### [Task to complete]
Your response should be an exact transcription of the data, images excluded.

** Opening Data to process block **

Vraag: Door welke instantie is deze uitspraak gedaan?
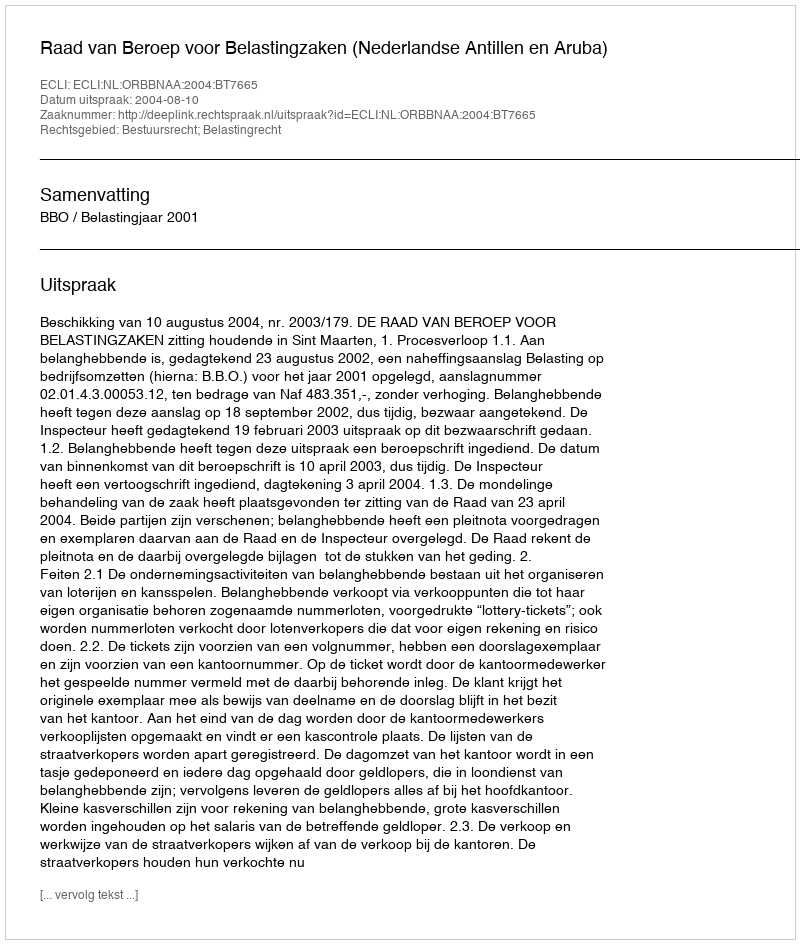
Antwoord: Raad van Beroep voor Belastingzaken (Nederlandse Antillen en Aruba)
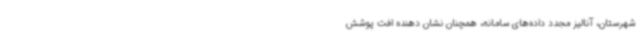
شهرستان، آنالیز مجدد داده‌های سامانه، همچنان نشان دهنده افت پوشش
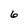
Character: 6
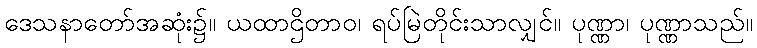
ဒေသနာတော်အဆုံး၌။ ယထာဌိတာဝ၊ ရပ်မြဲတိုင်းသာလျှင်။ ပုဏ္ဏာ၊ ပုဏ္ဏာသည်။
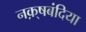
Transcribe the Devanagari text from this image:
नक़्षबंदिया
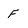
Character: F
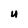
Character: U
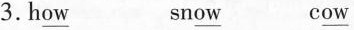
3.h\underline{ow} sn\underline{ow} c\underline{ow}
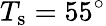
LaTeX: T_{\mathrm{s}}=55^{\circ}
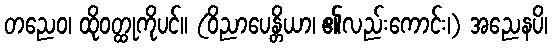
တညေဝ၊ ထိုဝတ္ထုကိုပင်။ (ဝိညာပေန္တိယာ၊ ၏လည်းကောင်း၊) အညေနပိ၊
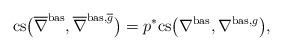
LaTeX: \begin{align*} \mathrm{cs}\big(\overline{\nabla}^{\mathrm{bas}},\overline{\nabla}^{\mathrm{bas},\overline{g}}\big) = p^*\mathrm{cs}\big(\nabla^{\mathrm{bas}},\nabla^{\mathrm{bas},g}\big),\end{align*}
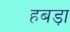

** Closing Data to process block **

### [Written solution]
Vraag: Door welke instantie is deze uitspraak gedaan?
Antwoord: Raad van Beroep voor Belastingzaken (Nederlandse Antillen en Aruba)
شهرستان، آنالیز مجدد داده‌های سامانه، همچنان نشان دهنده افت پوشش
Character: 6
ဒေသနာတော်အဆုံး၌။ ယထာဌိတာဝ၊ ရပ်မြဲတိုင်းသာလျှင်။ ပုဏ္ဏာ၊ ပုဏ္ဏာသည်။
Transcribe the Devanagari text from this image:
नक़्षबंदिया
Character: F
Character: U
3.h\underline{ow} sn\underline{ow} c\underline{ow}
LaTeX: T_{\mathrm{s}}=55^{\circ}
တညေဝ၊ ထိုဝတ္ထုကိုပင်။ (ဝိညာပေန္တိယာ၊ ၏လည်းကောင်း၊) အညေနပိ၊
LaTeX: \begin{align*} \mathrm{cs}\big(\overline{\nabla}^{\mathrm{bas}},\overline{\nabla}^{\mathrm{bas},\overline{g}}\big) = p^*\mathrm{cs}\big(\nabla^{\mathrm{bas}},\nabla^{\mathrm{bas},g}\big),\end{align*}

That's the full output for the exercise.